Material shown Start Marker

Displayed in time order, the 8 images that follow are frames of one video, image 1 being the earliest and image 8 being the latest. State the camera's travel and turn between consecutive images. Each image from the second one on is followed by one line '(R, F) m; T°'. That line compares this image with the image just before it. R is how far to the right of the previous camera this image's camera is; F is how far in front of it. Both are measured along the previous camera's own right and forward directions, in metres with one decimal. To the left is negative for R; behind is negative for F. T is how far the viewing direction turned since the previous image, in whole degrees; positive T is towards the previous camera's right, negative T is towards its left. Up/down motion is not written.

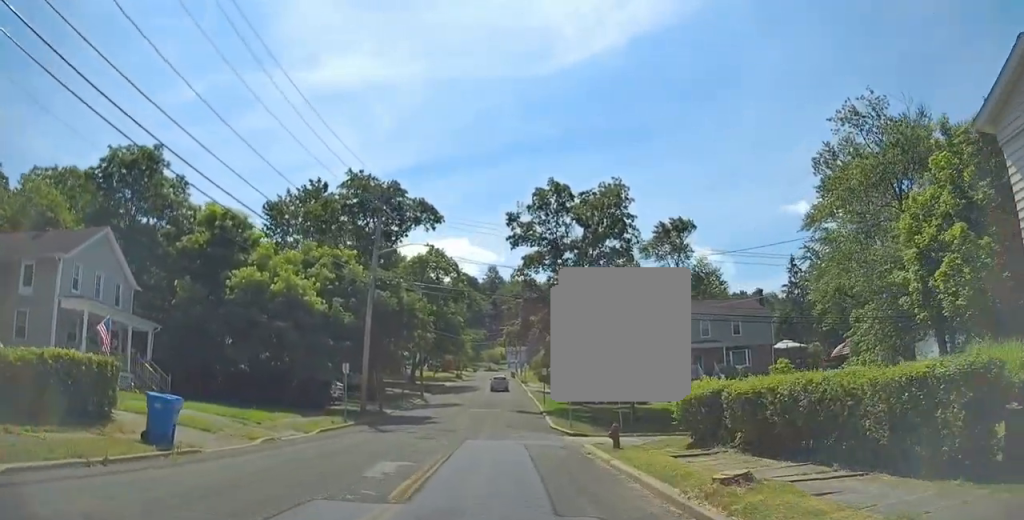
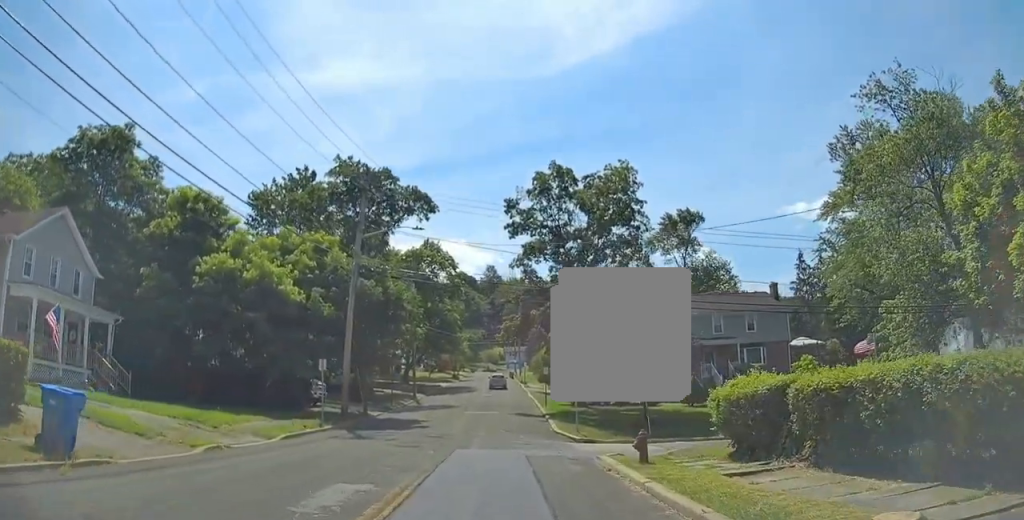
(0.0, +3.7) m; +1°
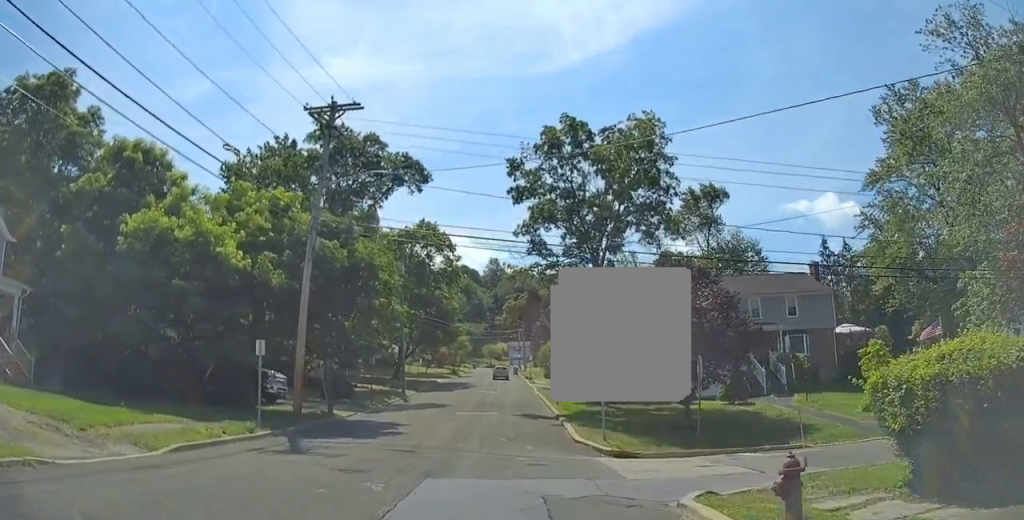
(+0.2, +7.2) m; +1°
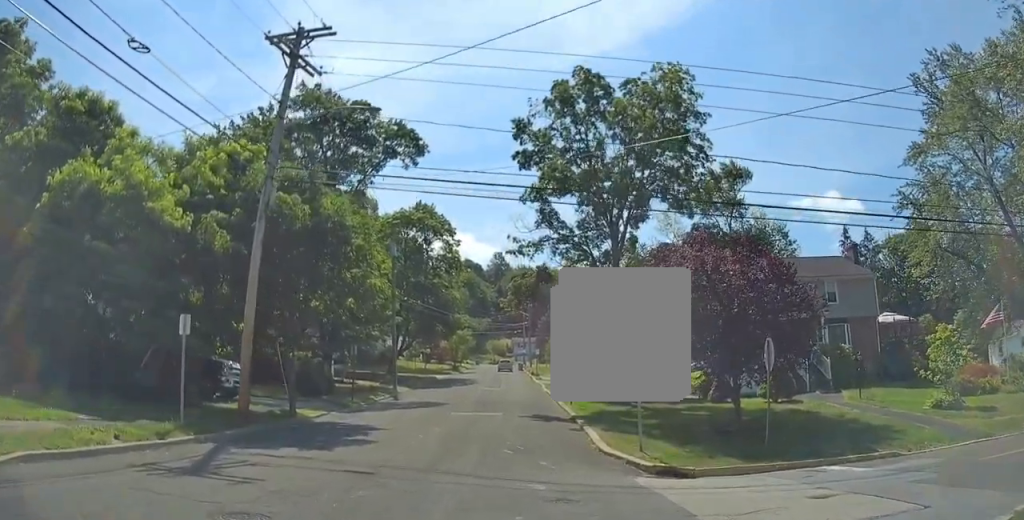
(0.0, +6.1) m; -1°
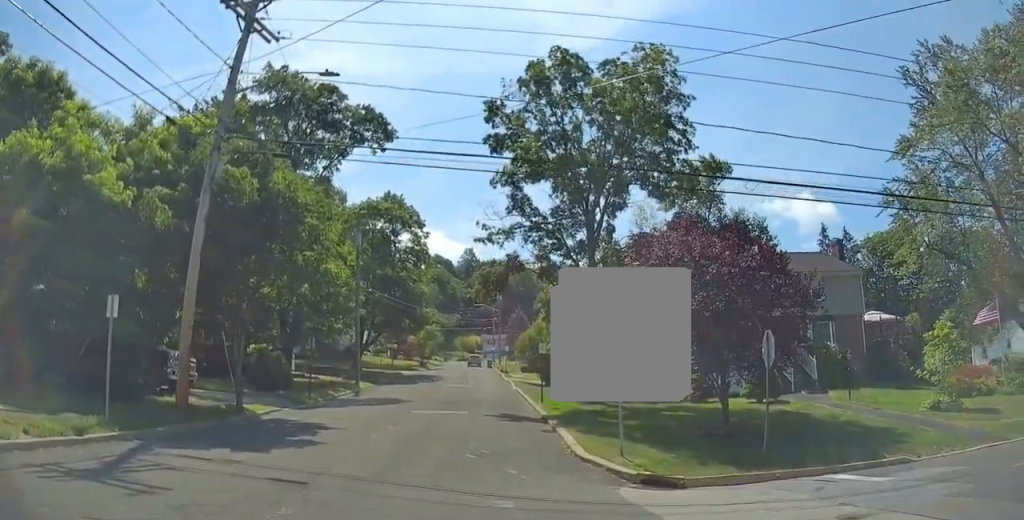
(0.0, +2.4) m; +2°
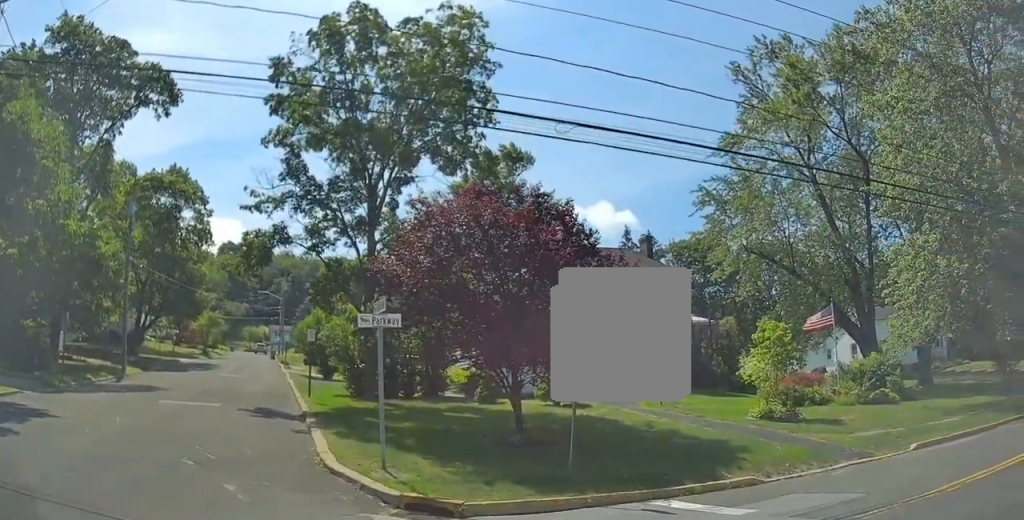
(+0.3, +3.8) m; +23°
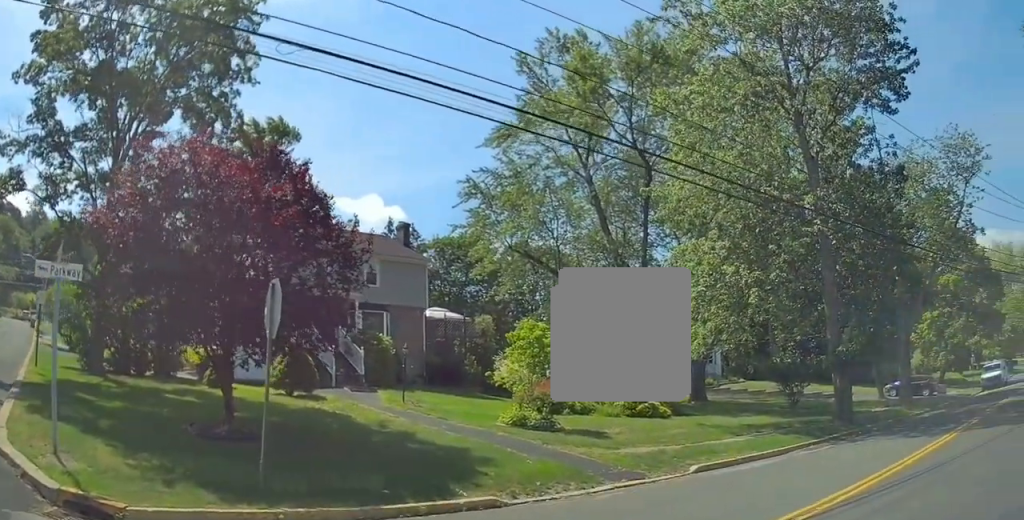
(+0.5, +2.1) m; +21°
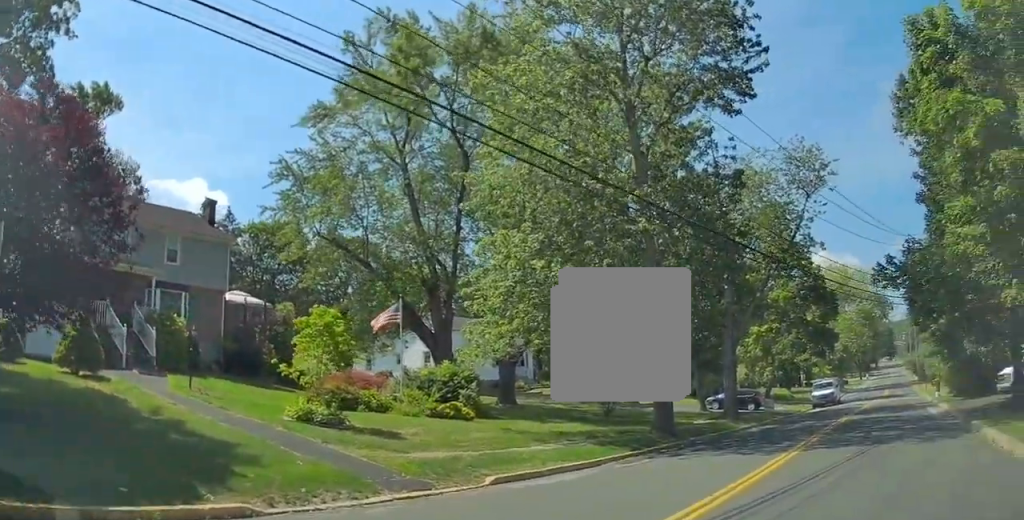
(+0.2, +1.5) m; +13°

Material shown End Marker

▶ Your task: Please copy out the material above exactly, with the images removed.

▶ Exercise result:
Displayed in time order, the 8 images that follow are frames of one video, image 1 being the earliest and image 8 being the latest. State the camera's travel and turn between consecutive images. Each image from the second one on is followed by one line '(R, F) m; T°'. That line compares this image with the image just before it. R is how far to the right of the previous camera this image's camera is; F is how far in front of it. Both are measured along the previous camera's own right and forward directions, in metres with one decimal. To the left is negative for R; behind is negative for F. T is how far the viewing direction turned since the previous image, in whole degrees; positive T is towards the previous camera's right, negative T is towards its left. Up/down motion is not written.

(0.0, +3.7) m; +1°
(+0.2, +7.2) m; +1°
(0.0, +6.1) m; -1°
(0.0, +2.4) m; +2°
(+0.3, +3.8) m; +23°
(+0.5, +2.1) m; +21°
(+0.2, +1.5) m; +13°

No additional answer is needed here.